Since the difference between the calculated and numerical value of $\sigma \u2032m$ was relatively small by comparison to the load transferred from a structure to the supporting soil (1.4 kPa vs 200 kPa), the impact of this difference on the value of $Gmax-numerical$ remains insignificant when the load from the structure is applied.

However, in a case where no loading is applied (see model PIMY-DEP in Table 1), it is likely to result in a difference between the dynamic analysis of the soil column using $Gmax-numerical$ and that using $Gmax-insitu$. Therefore, to distinguish between the impact of using $Gmax-numerical$ and that of increasing the level of effective confining stress, an initial comparative analysis was conducted of the results of the wave-passage calculation obtained with respective soil models using $Gmax-insitu$ (Model PIMY-IND) and $Gmax-numerical$ (Model PIMY-DEP). The results are provided in the subsection on numerical artifact evaluation in the section on Part 1.

#### Numerical impact of ISFH

Figure 11a shows the distribution of $Gmax-numerical$ with depth for model PIMY-DEP, that is, when no load from the structure is transferred to the supporting soil. Figure 11b shows the distribution of $Gmax-numerical$ with depth following the static analysis for model PIMY-DEP200, that is, when a net stress increase of 200 kPa is applied at the surface of the supporting soil. Figure 11c in an enlargement of the impacted zone beneath the applied surface pressure.

As can be seen from the results, the impact of the increase in stress creates a spatial distribution of the value of $Gmax-numerical$ that is quite different from the layered distribution shown in Figure 11a. This effect is more pronounced near the surface and gradually decreases to a depth of approximately 5 m. The extent of the influence of the confinement depends on the intensity of the applied load and the dimensions of the footing (*B*) and can be easily estimated using the Boussinesq relation for stress propagation with depth. The impact of this distribution on a wave-passage analysis is presented in the section covering part 1 below.

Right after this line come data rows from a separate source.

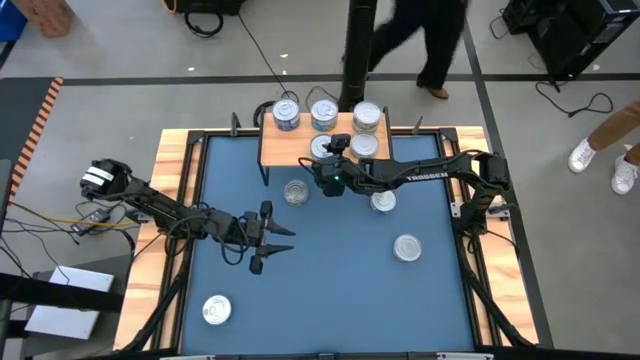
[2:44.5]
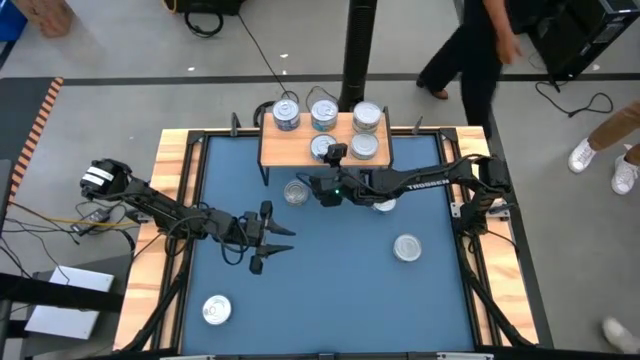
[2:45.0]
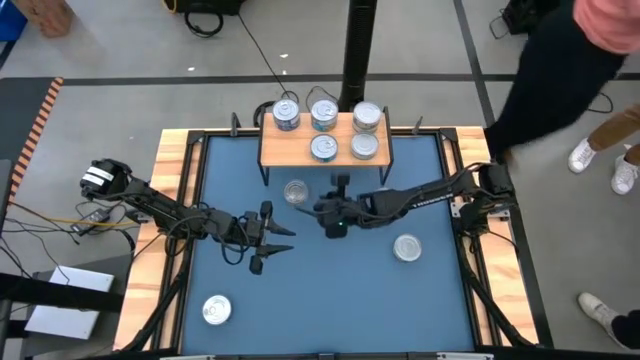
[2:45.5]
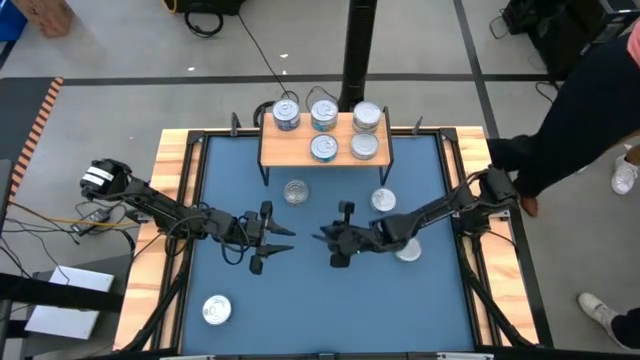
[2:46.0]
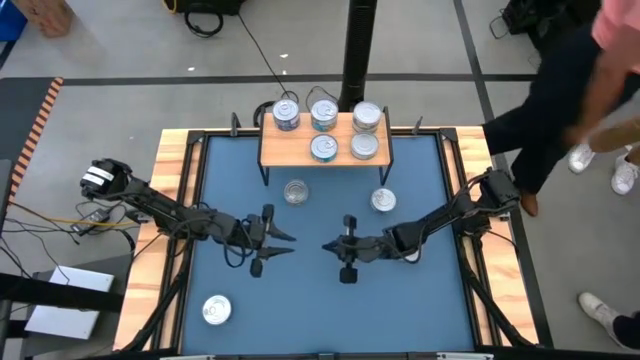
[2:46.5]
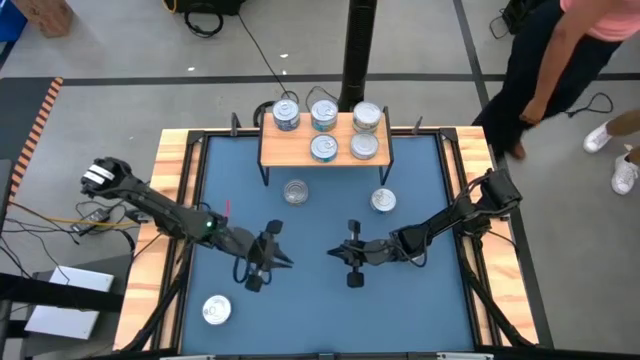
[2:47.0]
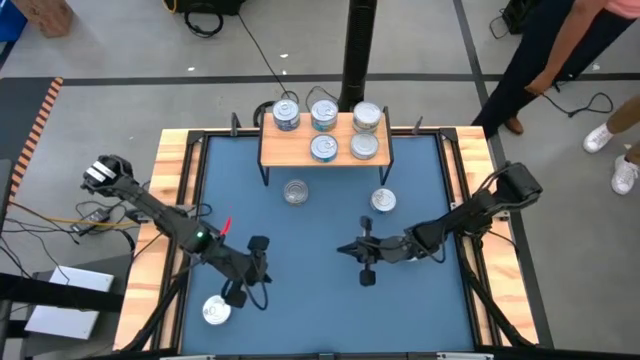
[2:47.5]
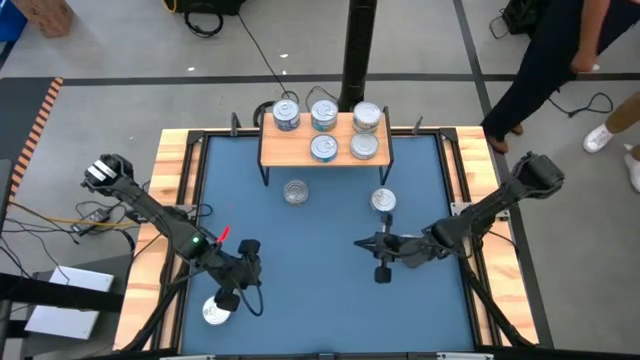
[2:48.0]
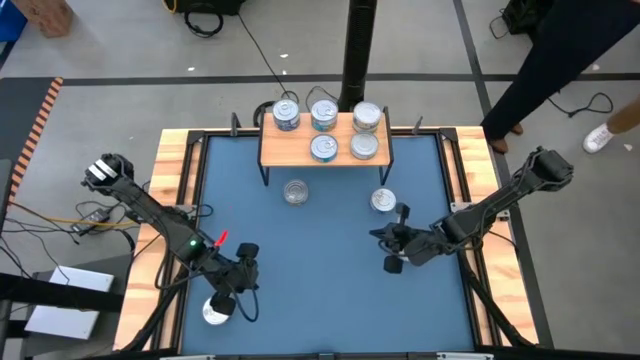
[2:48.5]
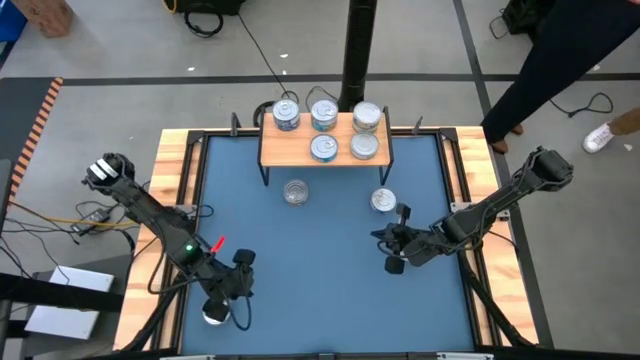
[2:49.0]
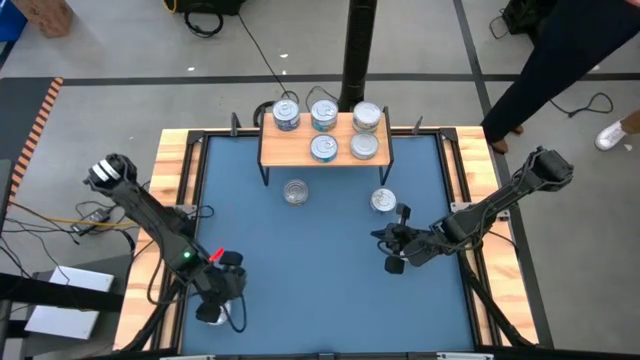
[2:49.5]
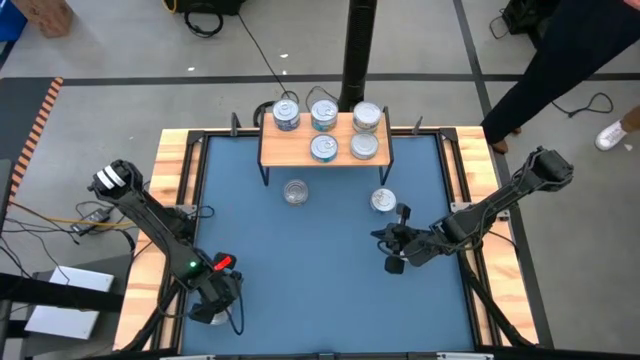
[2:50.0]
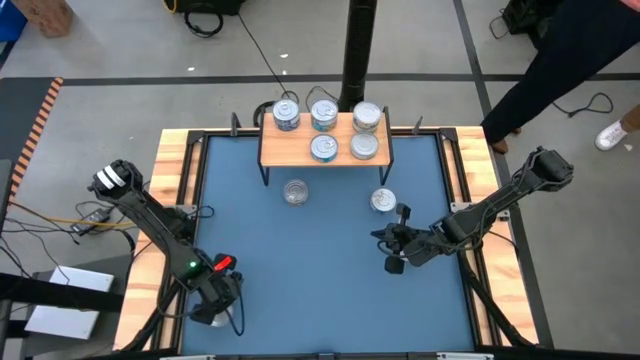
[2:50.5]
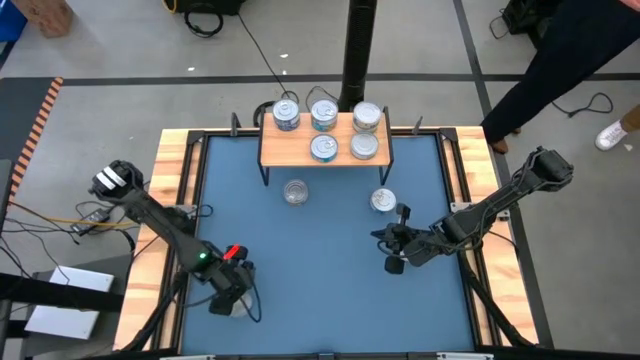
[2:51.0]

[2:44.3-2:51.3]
Put the blue tuna can on the shelf aligned with the other blue tuna can

## Part 1: ISFH analysis results

This section presents the results of the dynamic analysis conducted using the three models described in the “Methodology” section. For each model, the dynamic signals were applied at the base of the soil and surface accelerations were recorded at the surface of the soil deposit. These accelerations were then used to calculate a surface ERS, which served as the basis of comparison between the models.

### Results of numerical artifact evaluation

This section provides the results of the evaluation of numerical artifacts used for the above-mentioned ISFH calculation under nonlinear dynamic conditions. Model PIMY-IND, for which no ISFH was calculated, served as the benchmark. Model PIMY-DEP, where ISFH was calculated but no surface load applied, served as the comparative model.

Figure 12a compares the mean ERS value obtained from the surface accelerations calculated using models PIMY-IND and PIMY-DEP for signal *M*_{w} 6 and historical earthquake data. Figure 12b compares the mean ERS value obtained from the surface accelerations calculated using models PIMY-IND and PIMY-DEP for signal *M*_{w} 7.

As can be seen, both models produced similar results, which means that the algorithm induced limited error. The greatest differences between the mean values from models PIMY-IND and PIMY-DEP are 0.04 g at *T* = 0.04 s for *M*_{w} 6 and 0.04 g at *T* = 0.04 s. Therefore, although present, the numerical artifacts remained insignificant and did not significantly alter the dynamic response.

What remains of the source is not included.